![Mdx Mdx](/uploads/1/1/8/6/118682823/515967061.png)
Old and busted: rehype-react
♠️ React MDX-based presentation decks. Contribute to jxnblk/mdx-deck development by creating an account on GitHub. MDX is a killer feature for things like blogs, slide decks and component documentation. It allows you to write Markdown without worrying about HTML elements, their formatting and placement while sprinkling in the magic of custom React components when necessary.
Mdx React Documentation
MDX is a standard file format that combines Markdown with JSX. This means you can use Markdown’s terse syntax (such as # heading) for your documentation, and freely embed JSX component blocks at any point in the file.
In addition to being widely supported, it has a much better mental model than my previous approach to React in Markdown, which used rehype-react and had some ugly caveats.
React Mdx Deck
For one, I couldn’t figure out a good way to include only a certain subset of components in a certain blog post. (I made a note to myself to try and figure this out but I never did.) Every single component (even the heavy ones that include libraries like Three.js) gets included every single blog post, regardless of whether not they are all needed.
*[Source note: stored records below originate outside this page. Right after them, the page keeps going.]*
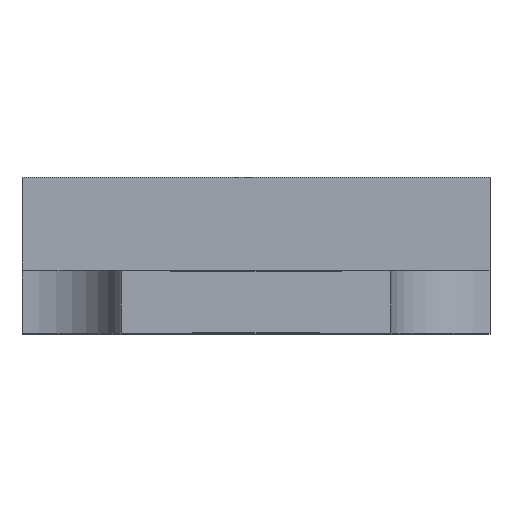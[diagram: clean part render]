
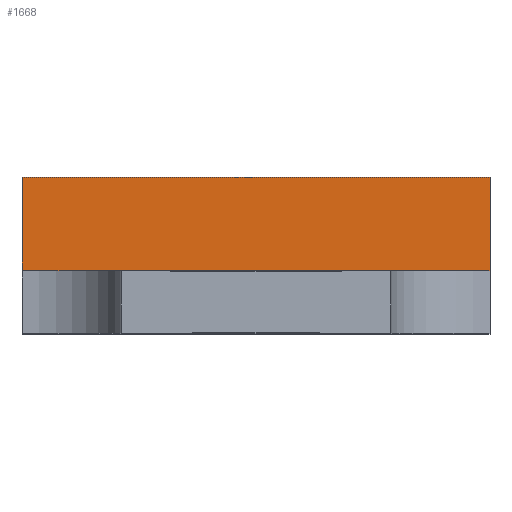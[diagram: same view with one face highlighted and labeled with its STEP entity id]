
A CAD part, top view. The second image highlights one B-rep face of the part: STEP entity #1668.
In plain terms, the highlighted planar face has unit normal (0, 0, 1).
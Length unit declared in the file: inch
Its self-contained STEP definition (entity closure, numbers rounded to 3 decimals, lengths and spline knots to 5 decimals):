
#37=DIRECTION('',(0.,-1.,0.));
#38=VECTOR('',#37,0.00472);
#39=CARTESIAN_POINT('',(-0.01181,0.00787,
0.01181));
#40=LINE('',#39,#38);
#234=DIRECTION('',(-1.,0.,0.));
#235=VECTOR('',#234,0.0085);
#236=CARTESIAN_POINT('',(0.01181,0.00311,
0.01181));
#237=LINE('',#236,#235);
#359=DIRECTION('',(1.,0.,0.));
#360=VECTOR('',#359,0.0026);
#361=CARTESIAN_POINT('',(0.00071,0.00315,
0.01181));
#362=LINE('',#361,#360);
#521=DIRECTION('',(0.,-1.,0.));
#522=VECTOR('',#521,0.00472);
#523=CARTESIAN_POINT('',(0.01181,0.00787,
0.01181));
#524=LINE('',#523,#522);
#557=DIRECTION('',(-1.,0.,0.));
#558=VECTOR('',#557,0.01252);
#559=CARTESIAN_POINT('',(0.00071,0.00311,
0.01181));
#560=LINE('',#559,#558);
#561=DIRECTION('',(1.,0.,0.));
#562=VECTOR('',#561,0.02362);
#563=CARTESIAN_POINT('',(-0.01181,0.00787,
0.01181));
#564=LINE('',#563,#562);
#565=DIRECTION('',(0.,-1.,0.));
#566=VECTOR('',#565,0.00004);
#567=CARTESIAN_POINT('',(0.01181,0.00315,
0.01181));
#568=LINE('',#567,#566);
#569=DIRECTION('',(0.,-1.,0.));
#570=VECTOR('',#569,0.00004);
#571=CARTESIAN_POINT('',(0.00071,0.00315,
0.01181));
#572=LINE('',#571,#570);
#573=DIRECTION('',(0.,-1.,0.));
#574=VECTOR('',#573,0.00004);
#575=CARTESIAN_POINT('',(-0.01181,0.00315,
0.01181));
#576=LINE('',#575,#574);
#769=DIRECTION('',(0.,-1.,0.));
#770=VECTOR('',#769,0.00004);
#771=CARTESIAN_POINT('',(0.00331,0.00315,
0.01181));
#772=LINE('',#771,#770);
#826=CARTESIAN_POINT('',(-0.01181,0.00787,
0.01181));
#828=VERTEX_POINT('',#826);
#830=CARTESIAN_POINT('',(0.01181,0.00787,
0.01181));
#832=VERTEX_POINT('',#830);
#906=CARTESIAN_POINT('',(0.00071,0.00311,
0.01181));
#908=VERTEX_POINT('',#906);
#909=CARTESIAN_POINT('',(-0.01181,0.00311,
0.01181));
#911=VERTEX_POINT('',#909);
#913=CARTESIAN_POINT('',(0.00331,0.00311,
0.01181));
#915=VERTEX_POINT('',#913);
#919=CARTESIAN_POINT('',(0.01181,0.00311,
0.01181));
#920=VERTEX_POINT('',#919);
#965=CARTESIAN_POINT('',(0.00071,0.00315,
0.01181));
#967=VERTEX_POINT('',#965);
#970=CARTESIAN_POINT('',(-0.01181,0.00315,
0.01181));
#972=VERTEX_POINT('',#970);
#973=CARTESIAN_POINT('',(0.00331,0.00315,
0.01181));
#975=VERTEX_POINT('',#973);
#979=CARTESIAN_POINT('',(0.01181,0.00315,
0.01181));
#980=VERTEX_POINT('',#979);
#1646=CARTESIAN_POINT('',(-0.01181,0.00787,
0.01181));
#1647=DIRECTION('',(0.,0.,1.));
#1648=DIRECTION('',(0.,-1.,0.));
#1649=AXIS2_PLACEMENT_3D('',#1646,#1647,#1648);
#1650=PLANE('',#1649);
#1651=ORIENTED_EDGE('',*,*,#1291,.T.);
#1653=ORIENTED_EDGE('',*,*,#1652,.F.);
#1654=ORIENTED_EDGE('',*,*,#1112,.F.);
#1656=ORIENTED_EDGE('',*,*,#1655,.T.);
#1657=ORIENTED_EDGE('',*,*,#1615,.T.);
#1659=ORIENTED_EDGE('',*,*,#1658,.T.);
#1660=ORIENTED_EDGE('',*,*,#1305,.T.);
#1662=ORIENTED_EDGE('',*,*,#1661,.F.);
#1663=ORIENTED_EDGE('',*,*,#1428,.F.);
#1665=ORIENTED_EDGE('',*,*,#1664,.T.);
#1666=EDGE_LOOP('',(#1651,#1653,#1654,#1656,#1657,#1659,#1660,#1662,#1663,
#1665));
#1667=FACE_OUTER_BOUND('',#1666,.F.);
#1668=ADVANCED_FACE('',(#1667),#1650,.T.);
#1112=EDGE_CURVE('',#828,#972,#40,.T.);
#1291=EDGE_CURVE('',#908,#911,#560,.T.);
#1305=EDGE_CURVE('',#920,#915,#237,.T.);
#1428=EDGE_CURVE('',#967,#975,#362,.T.);
#1615=EDGE_CURVE('',#832,#980,#524,.T.);
#1652=EDGE_CURVE('',#972,#911,#576,.T.);
#1655=EDGE_CURVE('',#828,#832,#564,.T.);
#1658=EDGE_CURVE('',#980,#920,#568,.T.);
#1661=EDGE_CURVE('',#975,#915,#772,.T.);
#1664=EDGE_CURVE('',#967,#908,#572,.T.);

Not ideal.
This approach also requires that you pass all props to your embedded components as strings. The components I need for this blog are all fairly simple so this never was a huge issue, but if I wanted to do anything more complex this would quickly become a deal-breaker.
React Mdx Blog
All this to say, React in Markdown is here to stay.
rehype-react
, not so much (at least for me). I’d been following MDX
for some time, as well as gatsby-mdx, which makes it easy to consume MDX
from a Gatsby
blog. I finally had some time after wrapping up a few projects (1, 2) and decided to bite the bullet and give gatsby-mdx
a try. A few weeks later, I’m back up and running (this page is MDX!) and on the whole, a total convert! Here are a few things I learned along the way.